WORK INSTRUCTION
If a line of the data below holds the string "height", copy it.

MATERIAL PROVIDED
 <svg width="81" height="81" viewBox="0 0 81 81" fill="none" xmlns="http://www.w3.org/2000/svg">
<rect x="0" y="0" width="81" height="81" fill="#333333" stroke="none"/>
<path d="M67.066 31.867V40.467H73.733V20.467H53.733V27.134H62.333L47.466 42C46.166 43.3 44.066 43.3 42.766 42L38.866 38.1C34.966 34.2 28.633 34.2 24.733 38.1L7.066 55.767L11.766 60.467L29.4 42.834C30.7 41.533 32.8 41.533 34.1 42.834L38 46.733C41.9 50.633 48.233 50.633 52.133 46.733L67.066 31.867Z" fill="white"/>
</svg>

==

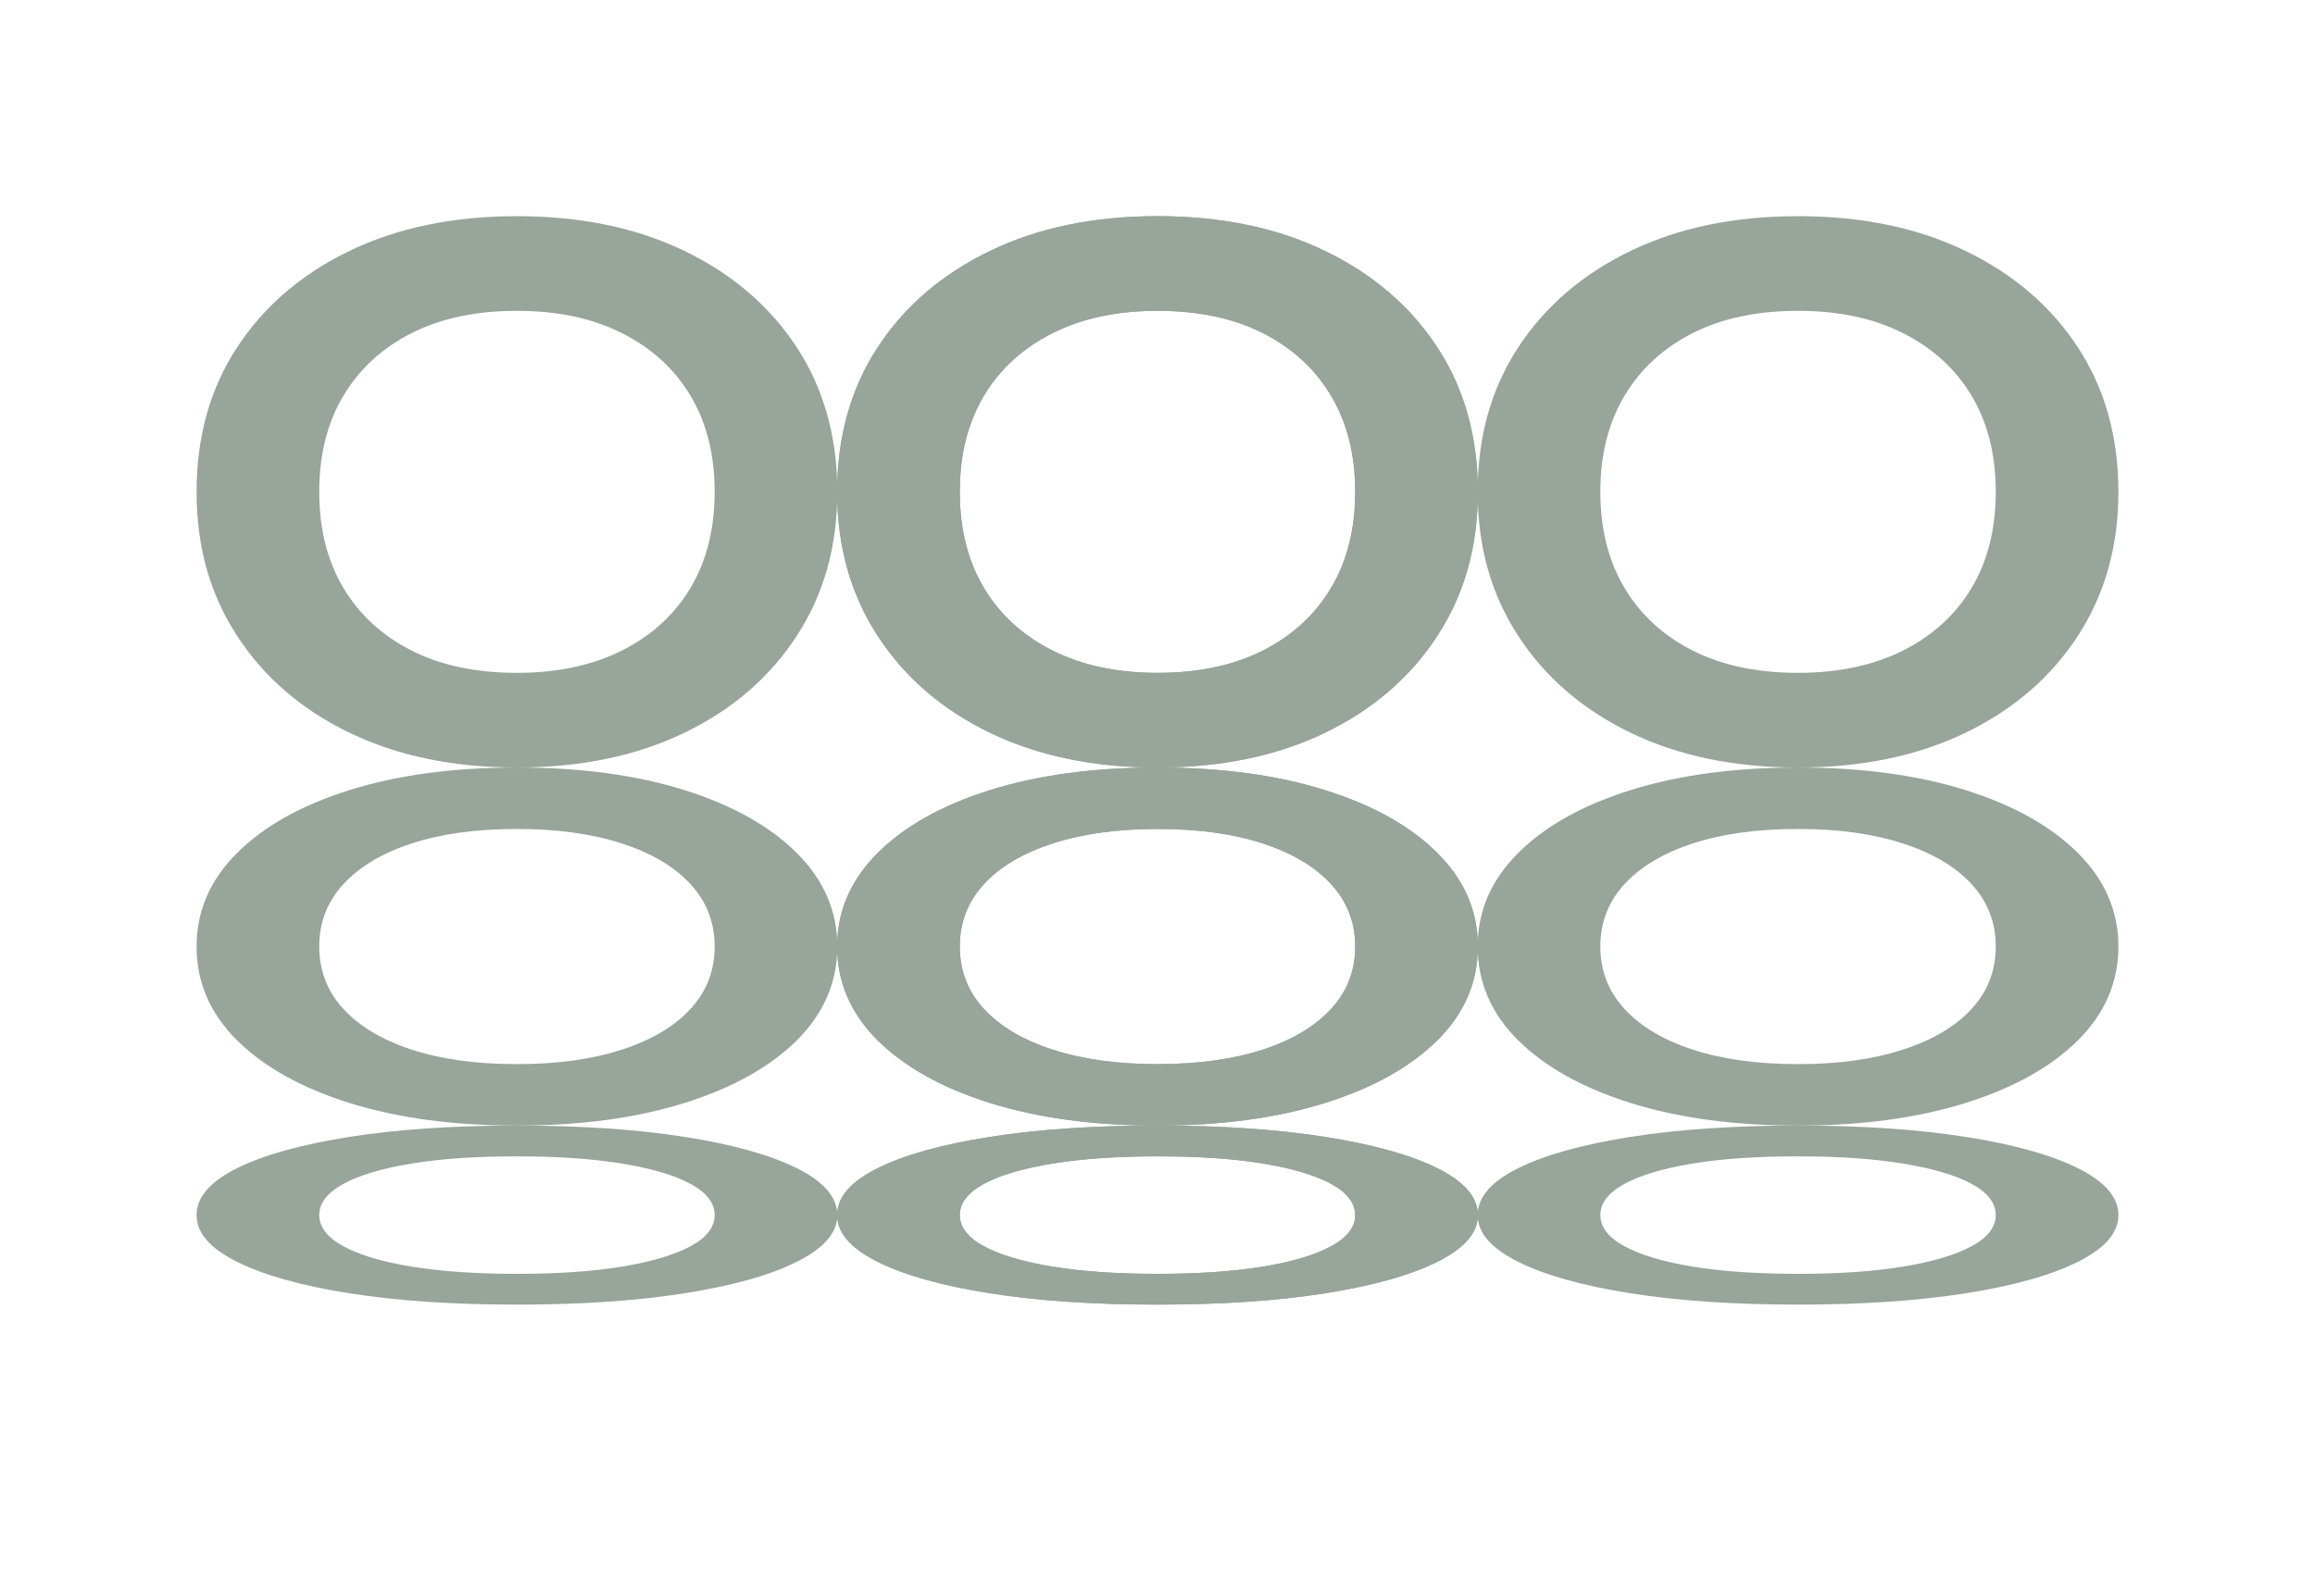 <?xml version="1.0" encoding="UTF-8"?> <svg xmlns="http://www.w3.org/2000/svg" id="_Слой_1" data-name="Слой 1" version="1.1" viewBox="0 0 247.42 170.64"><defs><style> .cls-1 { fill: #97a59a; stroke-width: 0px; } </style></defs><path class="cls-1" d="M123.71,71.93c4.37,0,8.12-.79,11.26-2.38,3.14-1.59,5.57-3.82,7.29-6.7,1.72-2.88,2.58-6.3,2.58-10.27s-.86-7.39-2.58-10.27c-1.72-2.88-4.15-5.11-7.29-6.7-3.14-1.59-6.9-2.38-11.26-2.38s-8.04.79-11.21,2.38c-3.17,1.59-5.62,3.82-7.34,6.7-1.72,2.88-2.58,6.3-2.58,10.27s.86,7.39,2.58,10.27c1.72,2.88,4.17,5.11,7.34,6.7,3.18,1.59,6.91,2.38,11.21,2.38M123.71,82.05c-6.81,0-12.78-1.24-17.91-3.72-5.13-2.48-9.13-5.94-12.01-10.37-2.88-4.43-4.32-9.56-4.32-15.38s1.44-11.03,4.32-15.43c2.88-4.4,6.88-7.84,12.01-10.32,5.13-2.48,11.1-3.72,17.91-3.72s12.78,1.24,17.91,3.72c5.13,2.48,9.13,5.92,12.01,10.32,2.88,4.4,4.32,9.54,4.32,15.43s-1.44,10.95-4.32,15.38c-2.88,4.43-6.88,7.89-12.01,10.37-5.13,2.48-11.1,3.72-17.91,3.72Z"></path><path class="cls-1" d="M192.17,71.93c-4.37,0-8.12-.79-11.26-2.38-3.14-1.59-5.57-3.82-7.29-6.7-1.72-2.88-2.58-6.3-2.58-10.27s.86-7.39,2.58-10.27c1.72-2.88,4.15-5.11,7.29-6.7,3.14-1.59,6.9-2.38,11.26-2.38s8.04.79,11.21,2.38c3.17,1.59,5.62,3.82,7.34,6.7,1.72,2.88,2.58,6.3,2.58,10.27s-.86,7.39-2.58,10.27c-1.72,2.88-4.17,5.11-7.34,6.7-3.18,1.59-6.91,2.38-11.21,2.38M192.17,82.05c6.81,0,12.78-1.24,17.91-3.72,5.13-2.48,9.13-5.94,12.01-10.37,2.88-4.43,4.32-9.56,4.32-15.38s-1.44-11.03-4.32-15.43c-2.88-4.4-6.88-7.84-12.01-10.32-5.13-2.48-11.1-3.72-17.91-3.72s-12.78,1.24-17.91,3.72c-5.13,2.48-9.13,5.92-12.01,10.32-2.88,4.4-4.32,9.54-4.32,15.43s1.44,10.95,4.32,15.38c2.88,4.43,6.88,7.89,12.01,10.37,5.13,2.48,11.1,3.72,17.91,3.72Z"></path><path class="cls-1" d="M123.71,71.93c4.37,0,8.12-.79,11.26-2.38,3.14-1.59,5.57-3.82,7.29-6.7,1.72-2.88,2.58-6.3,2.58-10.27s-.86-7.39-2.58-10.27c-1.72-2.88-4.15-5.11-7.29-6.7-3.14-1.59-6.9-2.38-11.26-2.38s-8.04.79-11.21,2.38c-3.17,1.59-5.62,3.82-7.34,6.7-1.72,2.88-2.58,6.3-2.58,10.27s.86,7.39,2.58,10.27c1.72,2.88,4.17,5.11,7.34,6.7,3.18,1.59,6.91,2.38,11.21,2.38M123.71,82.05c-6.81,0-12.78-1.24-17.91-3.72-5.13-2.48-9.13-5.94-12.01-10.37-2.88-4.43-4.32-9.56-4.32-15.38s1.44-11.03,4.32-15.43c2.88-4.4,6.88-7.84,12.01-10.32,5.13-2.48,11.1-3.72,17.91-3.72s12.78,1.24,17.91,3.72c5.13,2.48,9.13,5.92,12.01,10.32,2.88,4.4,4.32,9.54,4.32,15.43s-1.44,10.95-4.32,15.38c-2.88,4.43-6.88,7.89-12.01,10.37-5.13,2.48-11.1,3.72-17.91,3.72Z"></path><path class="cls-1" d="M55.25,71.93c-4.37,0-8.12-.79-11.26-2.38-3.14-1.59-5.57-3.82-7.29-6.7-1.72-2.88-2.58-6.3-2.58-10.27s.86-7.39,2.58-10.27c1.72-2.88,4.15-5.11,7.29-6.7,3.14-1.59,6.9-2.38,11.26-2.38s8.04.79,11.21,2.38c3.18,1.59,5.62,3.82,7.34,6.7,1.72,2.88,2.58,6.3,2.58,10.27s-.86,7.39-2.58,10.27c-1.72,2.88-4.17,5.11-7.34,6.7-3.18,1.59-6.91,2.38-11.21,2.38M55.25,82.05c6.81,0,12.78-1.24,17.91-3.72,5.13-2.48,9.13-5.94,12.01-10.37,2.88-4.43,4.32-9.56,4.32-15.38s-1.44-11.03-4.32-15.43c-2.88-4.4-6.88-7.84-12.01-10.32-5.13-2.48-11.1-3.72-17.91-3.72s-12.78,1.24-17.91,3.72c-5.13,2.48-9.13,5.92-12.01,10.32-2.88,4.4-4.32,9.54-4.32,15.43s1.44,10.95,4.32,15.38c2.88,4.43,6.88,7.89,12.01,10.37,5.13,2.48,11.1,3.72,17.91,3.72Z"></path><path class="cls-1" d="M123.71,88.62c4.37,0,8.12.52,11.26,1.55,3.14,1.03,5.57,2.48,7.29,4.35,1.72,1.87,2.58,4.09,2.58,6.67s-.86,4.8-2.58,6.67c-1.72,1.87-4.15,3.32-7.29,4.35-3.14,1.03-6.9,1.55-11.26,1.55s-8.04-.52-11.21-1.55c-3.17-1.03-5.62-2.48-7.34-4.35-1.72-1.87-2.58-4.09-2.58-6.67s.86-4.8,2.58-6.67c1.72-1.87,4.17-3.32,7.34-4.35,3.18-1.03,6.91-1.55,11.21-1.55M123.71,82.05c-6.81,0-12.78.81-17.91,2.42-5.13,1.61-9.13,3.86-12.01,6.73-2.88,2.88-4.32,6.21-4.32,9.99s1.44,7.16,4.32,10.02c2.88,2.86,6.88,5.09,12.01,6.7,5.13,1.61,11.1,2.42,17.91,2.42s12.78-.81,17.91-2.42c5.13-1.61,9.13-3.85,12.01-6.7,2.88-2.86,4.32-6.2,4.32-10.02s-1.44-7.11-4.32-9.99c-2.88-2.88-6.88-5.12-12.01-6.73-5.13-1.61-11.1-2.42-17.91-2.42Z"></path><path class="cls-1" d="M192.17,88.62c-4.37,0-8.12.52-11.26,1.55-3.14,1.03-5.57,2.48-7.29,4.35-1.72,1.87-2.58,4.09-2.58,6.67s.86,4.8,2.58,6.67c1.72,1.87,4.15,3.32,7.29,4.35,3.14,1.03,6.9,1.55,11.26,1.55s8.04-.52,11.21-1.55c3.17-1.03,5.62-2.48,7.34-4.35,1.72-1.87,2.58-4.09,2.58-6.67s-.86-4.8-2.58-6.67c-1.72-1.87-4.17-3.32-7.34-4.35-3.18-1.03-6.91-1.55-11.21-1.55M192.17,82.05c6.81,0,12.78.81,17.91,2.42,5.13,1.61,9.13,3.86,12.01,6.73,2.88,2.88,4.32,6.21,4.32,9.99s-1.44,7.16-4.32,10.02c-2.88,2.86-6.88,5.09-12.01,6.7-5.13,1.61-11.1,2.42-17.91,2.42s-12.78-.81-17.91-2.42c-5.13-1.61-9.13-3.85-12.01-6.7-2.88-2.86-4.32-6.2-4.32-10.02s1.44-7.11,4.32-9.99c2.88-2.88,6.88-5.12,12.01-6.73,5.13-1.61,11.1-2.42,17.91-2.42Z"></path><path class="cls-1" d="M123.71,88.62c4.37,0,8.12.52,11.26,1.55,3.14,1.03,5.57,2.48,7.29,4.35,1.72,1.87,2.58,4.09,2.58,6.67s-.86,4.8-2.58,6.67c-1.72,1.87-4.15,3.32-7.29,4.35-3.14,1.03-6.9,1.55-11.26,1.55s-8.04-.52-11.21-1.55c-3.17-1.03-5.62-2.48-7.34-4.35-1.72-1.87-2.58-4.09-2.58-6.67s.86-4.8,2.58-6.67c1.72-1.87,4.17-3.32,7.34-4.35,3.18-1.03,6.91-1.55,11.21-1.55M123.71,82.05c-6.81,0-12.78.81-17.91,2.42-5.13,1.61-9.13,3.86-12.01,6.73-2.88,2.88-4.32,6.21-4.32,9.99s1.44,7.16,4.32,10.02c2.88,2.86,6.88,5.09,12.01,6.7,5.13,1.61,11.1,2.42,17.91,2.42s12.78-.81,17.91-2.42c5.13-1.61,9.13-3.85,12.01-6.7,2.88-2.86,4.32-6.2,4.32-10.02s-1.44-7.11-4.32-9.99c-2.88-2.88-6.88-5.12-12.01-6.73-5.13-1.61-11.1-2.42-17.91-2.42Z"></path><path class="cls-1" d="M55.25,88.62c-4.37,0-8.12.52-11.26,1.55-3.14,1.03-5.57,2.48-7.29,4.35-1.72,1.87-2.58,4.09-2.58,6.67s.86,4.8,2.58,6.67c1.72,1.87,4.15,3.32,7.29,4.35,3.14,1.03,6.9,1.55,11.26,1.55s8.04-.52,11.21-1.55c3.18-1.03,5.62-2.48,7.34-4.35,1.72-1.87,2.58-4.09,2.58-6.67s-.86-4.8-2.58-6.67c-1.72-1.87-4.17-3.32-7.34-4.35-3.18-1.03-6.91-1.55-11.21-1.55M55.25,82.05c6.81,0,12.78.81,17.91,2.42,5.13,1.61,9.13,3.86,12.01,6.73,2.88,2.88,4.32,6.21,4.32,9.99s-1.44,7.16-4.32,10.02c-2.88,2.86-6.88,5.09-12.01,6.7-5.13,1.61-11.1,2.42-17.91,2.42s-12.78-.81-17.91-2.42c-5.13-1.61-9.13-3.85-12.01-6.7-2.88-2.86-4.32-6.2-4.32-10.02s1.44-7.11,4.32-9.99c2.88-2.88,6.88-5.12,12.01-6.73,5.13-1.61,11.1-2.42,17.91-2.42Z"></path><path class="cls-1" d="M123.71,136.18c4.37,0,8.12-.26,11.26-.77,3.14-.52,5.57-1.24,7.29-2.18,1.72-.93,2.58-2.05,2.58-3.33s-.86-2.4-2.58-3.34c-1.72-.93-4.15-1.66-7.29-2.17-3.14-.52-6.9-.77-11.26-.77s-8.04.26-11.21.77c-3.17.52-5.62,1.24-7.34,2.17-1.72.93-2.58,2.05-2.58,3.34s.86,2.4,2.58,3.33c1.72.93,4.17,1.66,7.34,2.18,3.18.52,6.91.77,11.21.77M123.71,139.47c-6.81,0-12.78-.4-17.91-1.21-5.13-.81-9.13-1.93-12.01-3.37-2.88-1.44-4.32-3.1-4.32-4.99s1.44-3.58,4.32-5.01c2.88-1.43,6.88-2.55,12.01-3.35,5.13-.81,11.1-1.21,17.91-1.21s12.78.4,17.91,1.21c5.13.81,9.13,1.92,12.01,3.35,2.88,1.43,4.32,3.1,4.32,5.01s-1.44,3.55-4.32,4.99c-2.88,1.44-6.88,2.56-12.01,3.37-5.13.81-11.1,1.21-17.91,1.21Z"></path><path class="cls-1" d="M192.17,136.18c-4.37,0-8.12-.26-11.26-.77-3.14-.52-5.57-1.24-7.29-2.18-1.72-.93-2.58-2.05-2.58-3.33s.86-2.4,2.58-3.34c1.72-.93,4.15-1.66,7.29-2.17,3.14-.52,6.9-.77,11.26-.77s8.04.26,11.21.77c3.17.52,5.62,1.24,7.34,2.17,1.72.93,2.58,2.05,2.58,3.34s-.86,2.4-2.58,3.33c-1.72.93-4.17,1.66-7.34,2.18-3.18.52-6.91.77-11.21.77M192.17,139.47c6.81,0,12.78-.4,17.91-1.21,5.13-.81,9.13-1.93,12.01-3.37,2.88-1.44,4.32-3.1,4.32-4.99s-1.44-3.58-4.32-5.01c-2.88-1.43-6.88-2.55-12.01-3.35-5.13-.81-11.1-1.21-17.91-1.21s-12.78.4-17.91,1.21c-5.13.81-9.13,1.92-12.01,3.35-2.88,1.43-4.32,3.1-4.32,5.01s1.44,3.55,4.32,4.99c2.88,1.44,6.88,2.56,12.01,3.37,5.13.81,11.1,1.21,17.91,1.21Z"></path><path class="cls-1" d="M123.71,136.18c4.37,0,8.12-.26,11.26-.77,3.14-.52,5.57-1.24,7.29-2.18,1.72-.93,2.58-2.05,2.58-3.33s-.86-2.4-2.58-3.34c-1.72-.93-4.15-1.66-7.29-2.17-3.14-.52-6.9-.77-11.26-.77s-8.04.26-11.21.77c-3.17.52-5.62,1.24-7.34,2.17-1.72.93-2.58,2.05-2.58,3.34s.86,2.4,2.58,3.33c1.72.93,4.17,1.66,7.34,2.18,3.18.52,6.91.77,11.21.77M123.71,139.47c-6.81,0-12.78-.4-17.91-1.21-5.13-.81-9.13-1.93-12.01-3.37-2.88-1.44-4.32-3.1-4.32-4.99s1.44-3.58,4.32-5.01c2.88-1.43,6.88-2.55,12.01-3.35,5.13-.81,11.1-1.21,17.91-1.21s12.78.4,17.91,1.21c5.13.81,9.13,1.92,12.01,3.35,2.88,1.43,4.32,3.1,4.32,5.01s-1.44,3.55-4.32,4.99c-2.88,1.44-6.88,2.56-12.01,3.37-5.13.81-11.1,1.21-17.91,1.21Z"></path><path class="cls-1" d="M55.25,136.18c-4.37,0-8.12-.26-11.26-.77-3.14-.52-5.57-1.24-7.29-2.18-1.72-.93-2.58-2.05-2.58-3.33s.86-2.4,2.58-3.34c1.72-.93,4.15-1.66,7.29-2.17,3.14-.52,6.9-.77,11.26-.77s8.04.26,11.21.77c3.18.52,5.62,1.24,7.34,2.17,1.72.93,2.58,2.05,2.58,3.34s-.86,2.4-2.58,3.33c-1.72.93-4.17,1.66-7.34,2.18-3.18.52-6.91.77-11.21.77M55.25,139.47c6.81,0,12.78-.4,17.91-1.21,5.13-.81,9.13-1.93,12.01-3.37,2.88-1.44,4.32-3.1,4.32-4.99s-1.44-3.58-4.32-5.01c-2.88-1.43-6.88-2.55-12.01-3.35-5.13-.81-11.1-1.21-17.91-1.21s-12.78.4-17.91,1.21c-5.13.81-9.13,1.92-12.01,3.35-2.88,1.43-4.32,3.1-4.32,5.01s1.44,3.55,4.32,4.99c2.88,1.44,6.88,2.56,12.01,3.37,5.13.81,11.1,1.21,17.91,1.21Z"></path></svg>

RESPONSE FOR THIS EXERCISE
 <svg width="81" height="81" viewBox="0 0 81 81" fill="none" xmlns="http://www.w3.org/2000/svg">
<rect x="0" y="0" width="81" height="81" fill="#333333" stroke="none"/>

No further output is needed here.